Brynn stepped into the room. He watched the way her gaze lingered on the furniture, the slight tilt to her lips as she took in the light from the window falling across the table. It seemed the lady liked what she saw.
Unexpected pride warmed him. He’d been more nervous about her reaction than he’d realized.
“See this?” Millie skipped to the wall where Taylor had instructed Hank to mount a giant whiteboard. “Aunt Taylor said you had to have this really bad. It was important. And it works, too. Me and Daddy played tic-tac-toe on it when he put it up there.”
“That was very responsible of you to test it. Did you try out all the stuff?”
Millie sighed. “I wanted to have a sleepover in your bed, but Daddy said that would be wrong.”
God, shoot him now.
“Well, that was very kind of you to offer to try it, and very...um...nice of your dad to protect my privacy.”
“Yeah, but it really is the best bed. Better than mine. Mine has a dumb old plain top, but yours has this curvy thing, like... Wait, let me show you.”
Again, she grabbed Brynn and yanked, this time with a force that pulled a little yip from Brynn’s mouth as she raced to keep up with the child.
“Millie, don’t kill Brynn on her first day here, okay?”
“Right.” Brynn’s voice was breathless but still tinged with laughter. “Let’s wait until I’ve had a night in this gorgeous— Oh, wow.”
They had reached the entry to the main bedroom, where Millie scampered ahead to display the beauty of the cherrywood sleigh bed with all the grace of a pint-size, bespectacled Vanna White.
“See?” She tapped the curve of the footboard. “Isn’t it so pretty?”

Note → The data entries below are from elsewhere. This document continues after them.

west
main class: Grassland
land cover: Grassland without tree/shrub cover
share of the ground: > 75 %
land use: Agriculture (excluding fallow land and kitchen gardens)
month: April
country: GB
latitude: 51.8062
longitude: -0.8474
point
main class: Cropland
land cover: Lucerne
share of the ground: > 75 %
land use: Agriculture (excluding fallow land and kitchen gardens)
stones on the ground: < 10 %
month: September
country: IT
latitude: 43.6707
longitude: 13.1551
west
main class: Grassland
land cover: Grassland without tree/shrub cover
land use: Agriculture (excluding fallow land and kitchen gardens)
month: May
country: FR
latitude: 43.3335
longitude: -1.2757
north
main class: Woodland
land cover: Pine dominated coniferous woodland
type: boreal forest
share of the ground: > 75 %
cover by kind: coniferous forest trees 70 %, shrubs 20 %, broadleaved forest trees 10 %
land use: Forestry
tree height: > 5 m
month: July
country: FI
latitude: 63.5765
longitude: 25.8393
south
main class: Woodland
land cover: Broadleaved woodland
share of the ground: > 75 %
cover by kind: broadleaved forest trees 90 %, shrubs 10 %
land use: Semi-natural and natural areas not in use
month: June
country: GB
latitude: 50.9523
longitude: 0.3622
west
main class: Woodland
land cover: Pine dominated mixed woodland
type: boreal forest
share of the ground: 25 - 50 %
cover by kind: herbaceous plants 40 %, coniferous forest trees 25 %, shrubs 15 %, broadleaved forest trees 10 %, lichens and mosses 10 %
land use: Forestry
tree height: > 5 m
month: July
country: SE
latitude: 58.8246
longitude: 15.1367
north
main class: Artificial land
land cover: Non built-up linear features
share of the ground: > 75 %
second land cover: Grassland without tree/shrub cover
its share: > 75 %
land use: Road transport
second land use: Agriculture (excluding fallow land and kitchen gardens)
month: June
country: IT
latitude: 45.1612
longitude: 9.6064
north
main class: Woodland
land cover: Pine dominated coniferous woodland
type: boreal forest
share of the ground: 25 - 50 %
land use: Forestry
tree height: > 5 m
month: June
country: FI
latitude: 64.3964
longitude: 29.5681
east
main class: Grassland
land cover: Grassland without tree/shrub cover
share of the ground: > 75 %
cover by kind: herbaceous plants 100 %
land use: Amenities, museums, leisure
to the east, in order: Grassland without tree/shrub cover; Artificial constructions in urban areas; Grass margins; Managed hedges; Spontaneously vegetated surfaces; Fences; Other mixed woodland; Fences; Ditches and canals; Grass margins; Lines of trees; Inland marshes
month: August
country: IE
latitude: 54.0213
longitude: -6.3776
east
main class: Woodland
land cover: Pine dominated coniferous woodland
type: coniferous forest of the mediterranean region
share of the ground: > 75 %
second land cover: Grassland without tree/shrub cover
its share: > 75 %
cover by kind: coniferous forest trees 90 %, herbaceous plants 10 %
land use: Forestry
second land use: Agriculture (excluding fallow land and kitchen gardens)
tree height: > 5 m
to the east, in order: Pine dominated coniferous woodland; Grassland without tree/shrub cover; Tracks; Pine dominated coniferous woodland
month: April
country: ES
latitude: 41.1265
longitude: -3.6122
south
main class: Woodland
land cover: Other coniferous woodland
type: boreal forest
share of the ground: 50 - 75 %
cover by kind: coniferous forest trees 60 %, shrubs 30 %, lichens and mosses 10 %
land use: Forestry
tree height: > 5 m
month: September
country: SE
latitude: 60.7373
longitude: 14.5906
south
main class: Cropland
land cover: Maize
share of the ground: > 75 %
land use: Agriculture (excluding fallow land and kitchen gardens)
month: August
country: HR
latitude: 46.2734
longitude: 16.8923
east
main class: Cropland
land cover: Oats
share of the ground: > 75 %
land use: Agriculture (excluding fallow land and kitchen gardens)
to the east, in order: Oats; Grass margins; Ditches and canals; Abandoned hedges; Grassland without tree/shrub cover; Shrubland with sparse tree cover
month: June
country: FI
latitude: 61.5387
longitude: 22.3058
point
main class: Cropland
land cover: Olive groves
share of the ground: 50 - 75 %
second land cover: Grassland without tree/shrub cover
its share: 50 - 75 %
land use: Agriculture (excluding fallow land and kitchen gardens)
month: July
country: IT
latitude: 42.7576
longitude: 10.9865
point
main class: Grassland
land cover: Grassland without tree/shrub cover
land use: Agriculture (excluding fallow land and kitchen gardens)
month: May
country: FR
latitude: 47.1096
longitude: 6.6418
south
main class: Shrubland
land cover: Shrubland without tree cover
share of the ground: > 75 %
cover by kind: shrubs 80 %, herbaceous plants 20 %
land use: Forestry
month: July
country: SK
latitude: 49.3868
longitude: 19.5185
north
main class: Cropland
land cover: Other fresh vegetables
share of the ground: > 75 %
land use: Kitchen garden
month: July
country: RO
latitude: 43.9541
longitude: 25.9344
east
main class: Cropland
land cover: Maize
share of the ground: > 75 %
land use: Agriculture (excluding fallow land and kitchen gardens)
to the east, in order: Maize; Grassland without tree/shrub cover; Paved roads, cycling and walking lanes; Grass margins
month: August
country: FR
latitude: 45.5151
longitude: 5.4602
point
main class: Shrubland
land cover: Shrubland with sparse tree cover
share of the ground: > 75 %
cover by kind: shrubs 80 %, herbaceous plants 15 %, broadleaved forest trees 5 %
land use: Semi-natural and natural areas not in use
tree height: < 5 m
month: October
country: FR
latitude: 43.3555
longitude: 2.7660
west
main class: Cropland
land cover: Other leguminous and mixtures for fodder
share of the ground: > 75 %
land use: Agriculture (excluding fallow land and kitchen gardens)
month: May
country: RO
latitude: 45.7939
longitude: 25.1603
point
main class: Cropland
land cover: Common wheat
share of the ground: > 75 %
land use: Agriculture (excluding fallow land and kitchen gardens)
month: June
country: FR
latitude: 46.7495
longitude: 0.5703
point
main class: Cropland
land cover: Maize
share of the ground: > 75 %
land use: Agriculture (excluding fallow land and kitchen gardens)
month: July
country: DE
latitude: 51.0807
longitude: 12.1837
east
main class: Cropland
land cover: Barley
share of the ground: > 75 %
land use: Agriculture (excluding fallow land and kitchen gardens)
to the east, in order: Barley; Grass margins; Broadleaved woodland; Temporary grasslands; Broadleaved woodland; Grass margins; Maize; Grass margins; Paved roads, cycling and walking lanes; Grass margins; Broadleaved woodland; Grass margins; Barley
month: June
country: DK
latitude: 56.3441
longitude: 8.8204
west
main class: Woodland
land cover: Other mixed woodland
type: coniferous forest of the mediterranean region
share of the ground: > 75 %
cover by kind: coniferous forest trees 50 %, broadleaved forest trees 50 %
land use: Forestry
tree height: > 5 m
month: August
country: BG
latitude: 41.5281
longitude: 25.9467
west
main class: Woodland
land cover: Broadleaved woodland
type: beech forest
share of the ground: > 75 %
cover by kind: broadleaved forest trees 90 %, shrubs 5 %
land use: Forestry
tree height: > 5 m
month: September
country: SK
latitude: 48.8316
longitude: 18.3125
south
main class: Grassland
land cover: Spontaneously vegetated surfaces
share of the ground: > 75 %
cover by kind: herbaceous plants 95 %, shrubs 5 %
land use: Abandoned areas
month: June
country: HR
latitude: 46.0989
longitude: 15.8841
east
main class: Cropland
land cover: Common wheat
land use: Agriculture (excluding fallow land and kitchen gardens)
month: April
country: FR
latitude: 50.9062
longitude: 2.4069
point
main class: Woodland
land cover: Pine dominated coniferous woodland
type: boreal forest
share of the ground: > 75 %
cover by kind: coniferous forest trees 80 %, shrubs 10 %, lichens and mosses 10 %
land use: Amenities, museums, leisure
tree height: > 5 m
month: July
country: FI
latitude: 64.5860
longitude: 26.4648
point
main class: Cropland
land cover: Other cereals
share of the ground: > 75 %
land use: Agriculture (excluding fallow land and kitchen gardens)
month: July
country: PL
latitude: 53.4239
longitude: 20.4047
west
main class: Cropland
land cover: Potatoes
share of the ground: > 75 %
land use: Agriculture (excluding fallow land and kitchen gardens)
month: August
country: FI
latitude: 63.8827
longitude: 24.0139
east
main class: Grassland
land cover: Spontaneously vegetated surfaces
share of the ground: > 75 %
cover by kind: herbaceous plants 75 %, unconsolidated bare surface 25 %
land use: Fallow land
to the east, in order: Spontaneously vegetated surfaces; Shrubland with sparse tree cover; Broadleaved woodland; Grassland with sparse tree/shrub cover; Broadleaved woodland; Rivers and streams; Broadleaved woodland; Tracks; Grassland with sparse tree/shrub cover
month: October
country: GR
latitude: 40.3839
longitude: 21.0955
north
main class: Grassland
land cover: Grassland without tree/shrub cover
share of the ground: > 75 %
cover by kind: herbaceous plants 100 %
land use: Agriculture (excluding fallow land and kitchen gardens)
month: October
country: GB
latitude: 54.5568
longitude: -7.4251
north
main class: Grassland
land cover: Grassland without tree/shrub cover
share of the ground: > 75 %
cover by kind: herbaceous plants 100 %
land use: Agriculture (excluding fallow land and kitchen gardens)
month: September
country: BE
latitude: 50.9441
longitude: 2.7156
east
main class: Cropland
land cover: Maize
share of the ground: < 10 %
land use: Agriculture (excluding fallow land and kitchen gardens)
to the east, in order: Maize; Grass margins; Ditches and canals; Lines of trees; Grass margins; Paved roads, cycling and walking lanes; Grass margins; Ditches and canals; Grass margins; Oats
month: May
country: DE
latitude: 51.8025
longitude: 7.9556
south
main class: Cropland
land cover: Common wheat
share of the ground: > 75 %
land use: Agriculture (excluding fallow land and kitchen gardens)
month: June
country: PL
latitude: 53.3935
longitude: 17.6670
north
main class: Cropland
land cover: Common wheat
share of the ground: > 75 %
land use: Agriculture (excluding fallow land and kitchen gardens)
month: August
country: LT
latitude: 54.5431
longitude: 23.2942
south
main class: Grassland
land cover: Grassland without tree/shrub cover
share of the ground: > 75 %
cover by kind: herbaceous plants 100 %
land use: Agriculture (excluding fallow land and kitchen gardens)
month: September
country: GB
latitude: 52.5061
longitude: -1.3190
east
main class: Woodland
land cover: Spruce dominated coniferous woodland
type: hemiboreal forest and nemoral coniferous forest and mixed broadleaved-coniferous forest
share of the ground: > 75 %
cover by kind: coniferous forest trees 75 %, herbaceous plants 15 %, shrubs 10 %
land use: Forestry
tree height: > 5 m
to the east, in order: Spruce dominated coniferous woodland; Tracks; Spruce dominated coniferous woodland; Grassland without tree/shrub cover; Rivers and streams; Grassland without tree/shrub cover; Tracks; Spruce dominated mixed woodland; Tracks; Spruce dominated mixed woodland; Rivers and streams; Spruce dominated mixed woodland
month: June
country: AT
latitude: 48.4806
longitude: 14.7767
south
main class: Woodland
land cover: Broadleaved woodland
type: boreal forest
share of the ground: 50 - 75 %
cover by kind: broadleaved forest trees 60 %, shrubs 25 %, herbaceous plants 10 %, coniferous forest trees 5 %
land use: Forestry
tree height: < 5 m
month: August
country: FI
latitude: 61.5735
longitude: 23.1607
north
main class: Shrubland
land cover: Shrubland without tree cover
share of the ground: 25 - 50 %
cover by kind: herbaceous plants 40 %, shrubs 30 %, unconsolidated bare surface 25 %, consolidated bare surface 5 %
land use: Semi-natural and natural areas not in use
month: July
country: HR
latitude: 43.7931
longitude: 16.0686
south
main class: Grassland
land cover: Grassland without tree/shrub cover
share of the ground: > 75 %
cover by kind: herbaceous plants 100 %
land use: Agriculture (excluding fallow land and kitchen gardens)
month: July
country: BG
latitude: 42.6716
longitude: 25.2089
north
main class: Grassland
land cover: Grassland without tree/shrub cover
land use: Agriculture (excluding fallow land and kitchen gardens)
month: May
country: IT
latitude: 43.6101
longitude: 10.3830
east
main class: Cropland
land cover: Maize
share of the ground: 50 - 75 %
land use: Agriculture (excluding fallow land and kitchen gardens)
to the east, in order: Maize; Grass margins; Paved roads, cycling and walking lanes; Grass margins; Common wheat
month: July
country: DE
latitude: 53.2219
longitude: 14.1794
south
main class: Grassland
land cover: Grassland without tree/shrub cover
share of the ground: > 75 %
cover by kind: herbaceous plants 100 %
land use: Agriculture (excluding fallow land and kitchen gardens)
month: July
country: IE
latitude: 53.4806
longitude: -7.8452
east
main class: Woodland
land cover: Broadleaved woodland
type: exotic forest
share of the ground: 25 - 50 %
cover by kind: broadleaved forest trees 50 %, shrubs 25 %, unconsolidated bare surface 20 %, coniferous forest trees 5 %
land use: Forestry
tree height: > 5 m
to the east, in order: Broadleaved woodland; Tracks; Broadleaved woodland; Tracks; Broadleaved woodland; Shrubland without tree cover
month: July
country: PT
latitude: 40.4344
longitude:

“It’s probably the most amazing bed I will ever sleep in.” Brynn smiled at Millie. “It must have been very hard to stay away from it. You get super bonus points for listening to your dad.”
“I’m a very good listener.”
“I bet you are. Now, I brought my favorite chair with me. Could you help me pick out the perfect place for it?”
“Oh, yes!” Without so much as a glance in his direction, Millie grabbed Brynn’s hand and took off down the hall. Voices and hints of laughter floated back to him. For a moment, he let himself enjoy it. He couldn’t remember the last time Millie had been so enthusiastic about something that didn’t involve a magnifying glass or some kind of chemical reaction. It was good to hear her giggling like a regular little kid. Not that he wanted her to be anyone other than herself, but still.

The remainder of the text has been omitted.